¿Es América una “dictadura” porque crece 1.1%?

Submitted by tortilla on Mié, 13/09/2017 - 18:16

Edwin Sánchez, 13 de septiembre 2017

Nicaragua se mueve. Y su movimiento es alrededor de los intereses nacionales. No es “normal”. Al menos para el rígido pensamiento conservador que aún cree que el país es un satélite de la élite: su deber es girar para siempre alrededor de ella.

Los índices de la República son tan dinámicos que incomodan a los que se quedaron tiesos en la historia colonial. Exaltado por organismos internacionales el admirable aumento del Producto Interno Bruto, algunos han venido buscando cómo empañar estos logros. Están enfrascados en elaborar cualquier artilugio con tal de negar que el Sandinismo es capaz de dirigir, y con notable éxito, los destinos de la nación.

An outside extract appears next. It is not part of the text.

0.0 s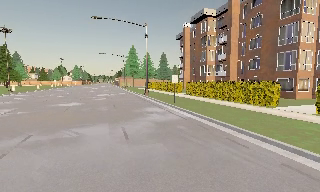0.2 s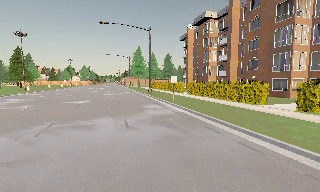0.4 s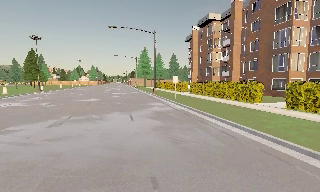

Detrás de las no muy convincentes “razones” técnicas, lo que subyace es que la “supremacía blanca” quiere dejar sentado que únicamente su Estado de Derecha es la que puede generar una economía superior al 9%. Que solo sus “gentlemen” son los “bonitos” para la portada de la historia.

Al margen de los cuentos de hadas hiperderechosas, Nicaragua es un Estado con una saludable estabilidad tanto social como en el ámbito del mercado, sin incluir la consistente seguridad ciudadana, entre las superiores de América. Como no fueron sus gobernantes y técnicos los que subieron por estos peldaños inéditos sino el Frente Sandinista, entonces debe ser ensombrecido, criticado, menospreciado.

El relato conservador, expuesto con vehemencia fanática durante las campañas presidenciales de 1990 a 2006,  se trocó posteriormente en una rabiosa hostilidad hacia los programas socioeconómicos dirigido a los pobres, los procesos electorales, y ahora, con énfasis de amargura, en la economía. Esta, según los “Bolaños-boys (BB)”, debe crecer a un ritmo de califato petrolero-Silicon Valley-auge algodonero años 60-industria armamentista-Mitch. ¿Un huracán?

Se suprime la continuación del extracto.